Tag Archives: perspectives

The Creation Of Plot

Writing essays, theses, dissertations, analyses, and so on and so sorth, is easy if you know the subject matter well enough to find faults in it. The challenge, in my opinion, is to write a novel that has a story that pertains to your subject matter (of expertise). The story must have the right characters with the right personalities, they must speak and do the right things, and plots must, metaphorically at the very leat, bring to life what you want to say in a manner that the reader understand what you are trying to say, which in turn brings perfect exposition and narratives. When you write, say, an essay on the shortcomings of today’s society, it is easy because what you know constitues the technical knowledge; what you know is what’s going on. However, while writing  novel you are met with a dilemma: it asks you whether you are good enough to recreate the brush strokes that paints the same picture as the society you are complaining about. Escapist tendencies within you will have you borrow from real life incidents, but imagination wrecks them all. You know what you want, but you fumble when you don’t know how to put down, conclusively mind you, the little things here and there that speak in soft whispers about the scene you are moulding. One misstep and interpretation takes a different highway altogether. Some of you might not know what I am talking about, so here’s an example. And I’m sure there are some people out there who can relate to it.

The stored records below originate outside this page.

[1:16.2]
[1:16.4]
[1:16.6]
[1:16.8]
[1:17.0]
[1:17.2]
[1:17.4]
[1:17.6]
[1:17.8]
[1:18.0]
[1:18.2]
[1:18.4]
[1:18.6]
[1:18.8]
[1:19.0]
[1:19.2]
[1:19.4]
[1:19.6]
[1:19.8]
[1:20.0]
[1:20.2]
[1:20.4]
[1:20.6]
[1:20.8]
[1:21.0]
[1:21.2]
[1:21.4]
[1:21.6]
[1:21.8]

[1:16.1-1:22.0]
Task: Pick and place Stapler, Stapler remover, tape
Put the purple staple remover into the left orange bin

An important part of the novel I’m writing now has to do with a mentally frustrated village-school teacher who instigates his little students to plant a bomb in a nearby factory. When I ask someone for help, that person gushes forth with ideas, but the real trouble lies in packing them in to fit seamlessly. When I approached a friend for help, asking him how the mannerisms of the character should be, this is what he had to say:

  •  The person in question (PIQ) must be very fidgety.
  • PIQ must be untrustworthy, an if possible, a backstabber as well.
  • H/She must be prone to making decisions on whims.

Easier said than one, I say! Of all the things I have left to do with the book, I now have to concoct sub-plots that bring out these aspects of the person’s character. An when you change one part of the book, its innate irreplaceability in the first place causes a chain reaction. 

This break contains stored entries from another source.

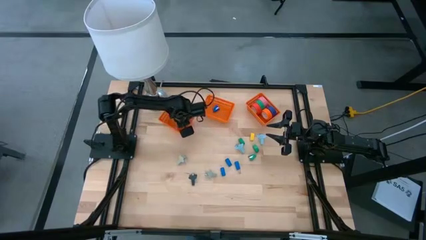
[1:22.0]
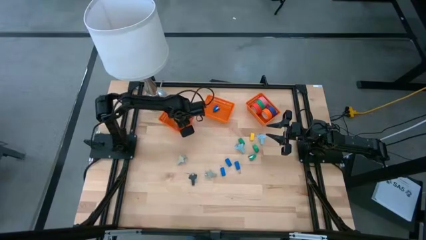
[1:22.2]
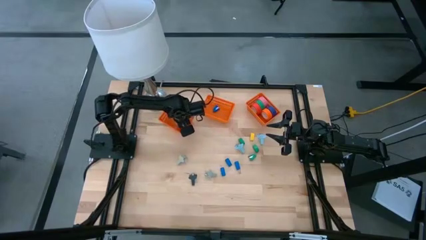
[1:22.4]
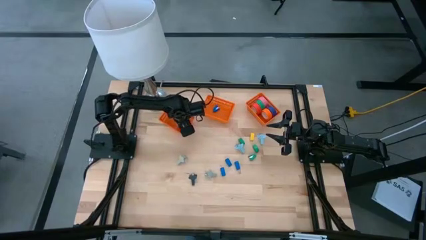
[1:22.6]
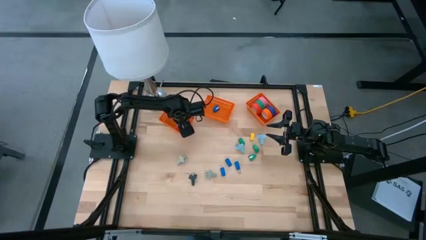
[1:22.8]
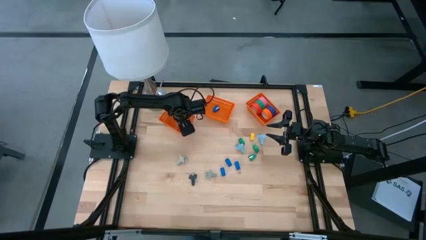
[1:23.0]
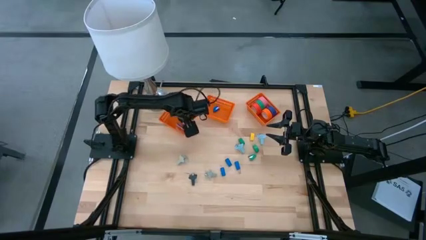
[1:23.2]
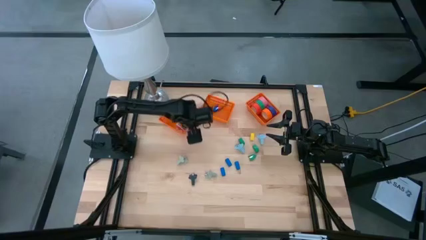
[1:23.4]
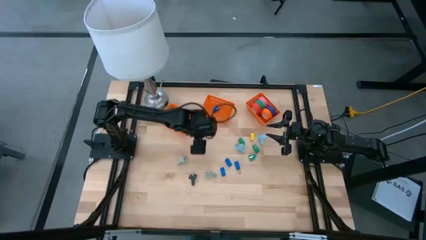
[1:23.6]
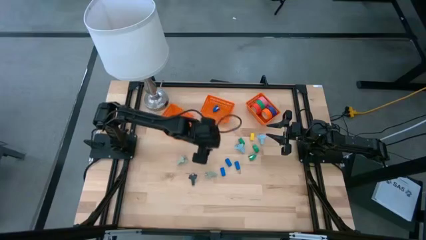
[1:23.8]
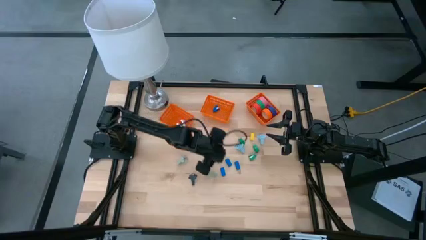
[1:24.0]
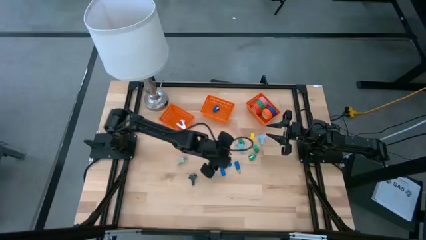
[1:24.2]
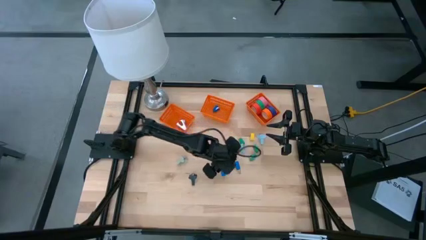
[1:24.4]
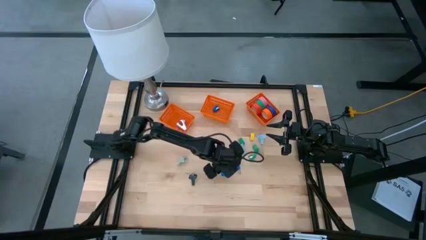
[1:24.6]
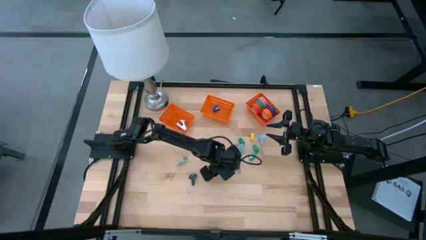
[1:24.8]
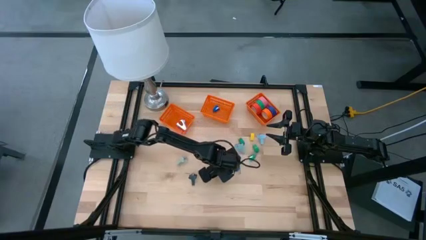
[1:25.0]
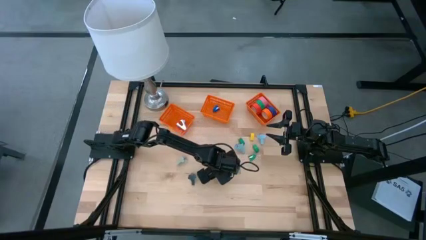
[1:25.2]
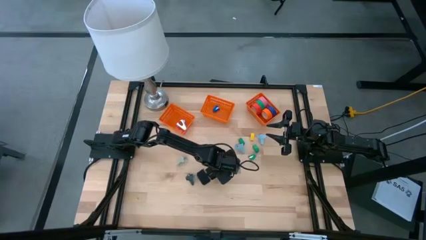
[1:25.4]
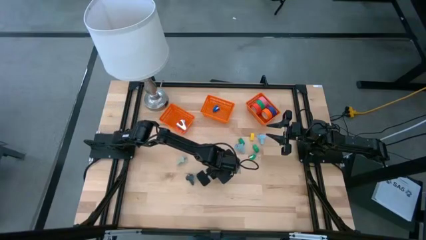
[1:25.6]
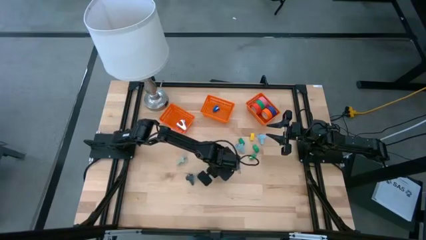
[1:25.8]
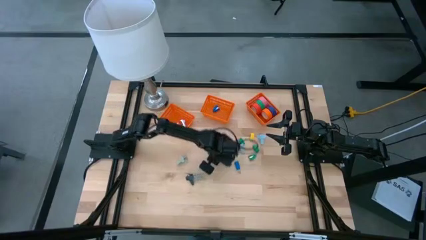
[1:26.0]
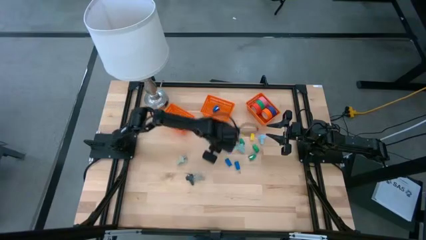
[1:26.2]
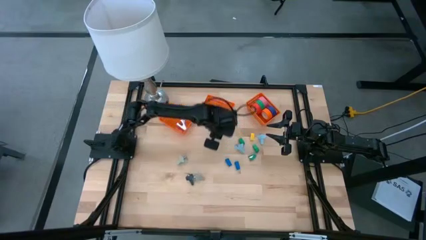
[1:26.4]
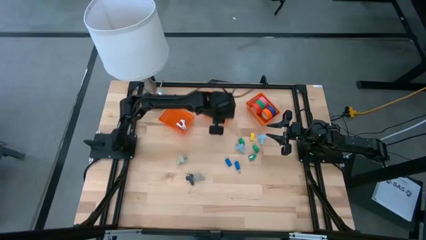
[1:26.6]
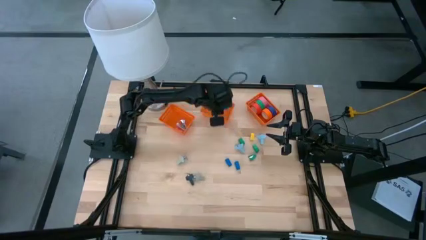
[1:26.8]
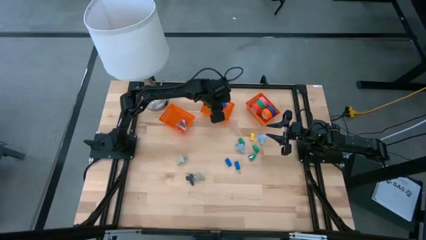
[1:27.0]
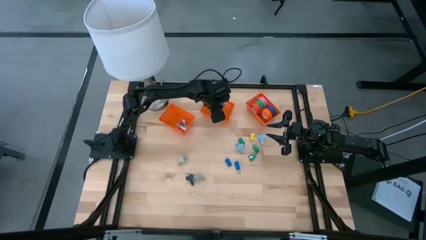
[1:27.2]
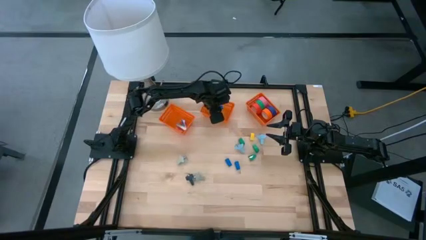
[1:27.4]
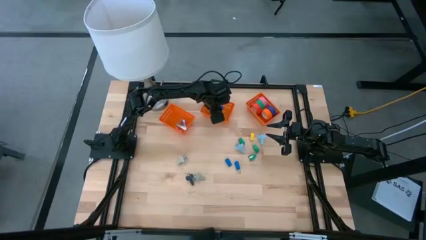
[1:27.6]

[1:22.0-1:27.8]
Put the blue stapler into the middle orange bin

From this experience, I learnt three things.

  1. When you are sketching the boundaries of a plot, you must be in a position to predict what is going to happen rather than make it all up as you move along. This is because, when you begin from the outer periphery of the plot, you must work towars a centre wherein stands the climactic event that deterministically defines the plot and leaves no room for doubt about whatever is going to follow. Otherwise, you end up working towards a different centre and the message you want to convey becomes distorted by the contradictions that will arise.  
  2. The second way is to work from the centre of that circle itself. The centre must be symbolic of the ideas that you are going to be propounding. If it has to do with communism, for example, take the world to be your television screen. Sit down and make note of the events that shaped the face of the Reds, and how little incidents from all over the place cascaded into consequential moments for them. Next, determine how the statesmen and the proletariat were individually impacted by these incidents. One such things are done, form your characters – give them mindsets, give them personalities that will have them reacting in the same way as those you had in mind. 
  3. Never begin from the middle. When you do that, you have to work in two directions: one towards the centre that dictates all that you write about in the first place, and the reaches of your thoughts – which define your exposition and magnanimity with the extent to which the events unfold or are allowed to. When working towards the centre, you will come to define your characters. However, what your characters need to do comes to light only when you work towards the circumference, and so now, you have to shift your gaze. To introduce another sub-plot, you need to work towards the centre. At some point of time, you will agree, the whole thing collapses into a chaotic mass of disagreement. 

There does exist, however, one other way to create plots, but this idea is deserving only when you are writing something along the lines of Douglas Adams’ ‘Hitchhiker’s Guide to the Galaxy’. The characters are belched out on the spot, and the plot is defined such that it meets the requirements of the climax as wished for by the author. This technique will seem very easy when you are going for a parody or a spoof of another established work, but in creating your own masterpiece, you need to know where you stand: at the beginning, at the end, or in the middle. If you are where you don’t want to be, immediately drop whatever you’re doing and shift your focus. Don’t let things take shape. If you’re working from the outside, then decide to shift your focus to the centre because it suddenly seems more compatible, don’t let your definition of the boundary hinder you. Define newer reaches if the central perspective demands it. At the end, the story must be understood in its full form only from one end – that way, only one interpretation is possible. If two ideologies seem discernable from two angles, different readers interpret different things and the message is lost. A book is always as good as the message it has: that is the point you work from. If you do everything right at every step, nothing can go wrong.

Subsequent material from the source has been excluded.